Even if we ignore legal enigmas, we face a long list of sporting “codes”, of which “at least two” must be broadcast by free-to-air broadcasters annually. The text provides no clue as to which two, who must decide, or how.
In Icasa’s glorious confusion and cosmic ignorance, games like chess and amorphous “varsity sports”, are “sporting events”. Wikipedia lists 88 chess organisations. Brace yourself for mandatory “full” coverage of thousands of hours of chess.
In Icasa’s alternative universe, “varsity” could be slang for university, or “varsity sports” could have its dictionary meaning: “a squad representing a university, college, school, or club” (Merriam-Webster). Could it get loonier? Sadly, yes. Since comprehensive coverage by a single broadcaster or channel is impossible, it must be assumed that Icasa, if it envisages anything coherent, wants compulsion for only some events of some federations. But there is no way of knowing which, who must decide, or how.
There are islands of coherence in the fog of incoherence, but they are generally irrational or illegal. MultiChoice pointed out in its submission that Icasa has neither the power to prohibit exclusive broadcasting rights nor to compel broadcasting.

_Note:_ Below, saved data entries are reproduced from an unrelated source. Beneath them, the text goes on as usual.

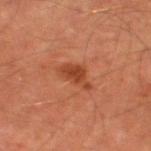Assessment: Imaged during a routine full-body skin examination; the lesion was not biopsied and no histopathology is available. Clinical summary: This is a cross-polarized tile. Located on the left thigh. A close-up tile cropped from a whole-body skin photograph, about 15 mm across. A male patient, aged 63–67.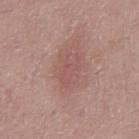Q: Is there a histopathology result?
A: catalogued during a skin exam; not biopsied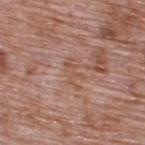A region of skin cropped from a whole-body photographic capture, roughly 15 mm wide. Captured under white-light illumination. The lesion is located on the upper back. A male subject aged around 70.

The absence of a “compelling rationale” for amending the current regulations — themselves a travesty — means the proposed changes violate the constitution’s rationality principle, and the likely effects violate the constitution’s reasonableness requirement.

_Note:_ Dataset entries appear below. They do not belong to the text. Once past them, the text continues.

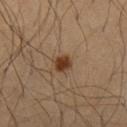Imaged during a routine full-body skin examination; the lesion was not biopsied and no histopathology is available.
A 15 mm close-up extracted from a 3D total-body photography capture.
The lesion's longest dimension is about 2 mm.
The lesion is located on the chest.
The subject is a male aged around 65.
Captured under cross-polarized illumination.
Automated image analysis of the tile measured an area of roughly 4 mm² and a shape-asymmetry score of about 0.15 (0 = symmetric). It also reported a lesion color around L≈35 a*≈19 b*≈30 in CIELAB and a lesion–skin lightness drop of about 12. And it measured lesion-presence confidence of about 100/100.

MultiChoice could have added that (a) incoherent provisions are void for vagueness, (b) new policies must be preceded by socioeconomic impact assessments, (c) policies must be informed by submissions, (d) substantive legislation (as opposed to permissible regulation) by an administrative body violates the separation of powers, and (e) unfair discrimination against subscription broadcasters is unconstitutional.

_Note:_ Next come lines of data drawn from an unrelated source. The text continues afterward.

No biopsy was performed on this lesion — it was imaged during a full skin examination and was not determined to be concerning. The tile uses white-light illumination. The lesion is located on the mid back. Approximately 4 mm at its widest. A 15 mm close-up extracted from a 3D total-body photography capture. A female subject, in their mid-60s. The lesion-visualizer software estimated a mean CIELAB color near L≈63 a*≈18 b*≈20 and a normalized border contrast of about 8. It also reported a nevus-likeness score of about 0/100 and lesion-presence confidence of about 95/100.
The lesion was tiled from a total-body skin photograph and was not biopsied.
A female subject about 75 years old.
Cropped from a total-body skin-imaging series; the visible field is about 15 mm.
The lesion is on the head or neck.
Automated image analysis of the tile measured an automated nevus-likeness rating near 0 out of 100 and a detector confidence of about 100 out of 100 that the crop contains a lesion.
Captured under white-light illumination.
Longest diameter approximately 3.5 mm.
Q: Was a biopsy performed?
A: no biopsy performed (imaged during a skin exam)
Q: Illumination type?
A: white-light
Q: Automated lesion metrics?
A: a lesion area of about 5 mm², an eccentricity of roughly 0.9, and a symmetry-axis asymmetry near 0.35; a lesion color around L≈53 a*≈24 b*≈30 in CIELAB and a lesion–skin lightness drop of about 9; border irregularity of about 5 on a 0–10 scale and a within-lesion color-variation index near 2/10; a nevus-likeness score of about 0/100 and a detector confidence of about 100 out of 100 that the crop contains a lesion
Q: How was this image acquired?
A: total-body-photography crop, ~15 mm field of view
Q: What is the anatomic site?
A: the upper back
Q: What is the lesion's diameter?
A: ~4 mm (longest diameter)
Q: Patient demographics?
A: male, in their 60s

Prodigious incoherence and illegality aside, Icasa’s basic objectives are profoundly flawed. It wants compulsory “full live” coverage of (incoherently defined) “national sporting events” by free-to-air broadcasters. Blissfully undaunted by contradiction, Icasa goes on to say that if it “cannot acquire” rights, subscription broadcasters may “bid” for them on a “non-exclusive basis”.
Economic illiteracy suggests that this will promote free broadcasts. Economic reality, which might not entail a “bidding” process, predicts a catastrophic collapse of sports body revenue, an exodus of top players and coaches, much less (if any) development, compromised quality and consumer deprivation.
Broadcasters who “cannot acquire” rights, “must”, as if by immaculate conception, broadcast events. And what does “cannot acquire” mean when paying enough is enough to get rights? Hitherto, their failure to offer enough allowed subscription broadcasters to buy exclusive rights. Exclusivity attracted substantial revenue for sport, which benefited sport and consumers.
If freedom of contract and exclusivity are banned, sport will be devastated. Since the daft draft is technically and conceptually flawed, it must be abandoned.
• Louw is executive director of the Free Market Foundation. The views expressed in this article are the author’s and are not necessarily shared by the members of the Free Market Foundation.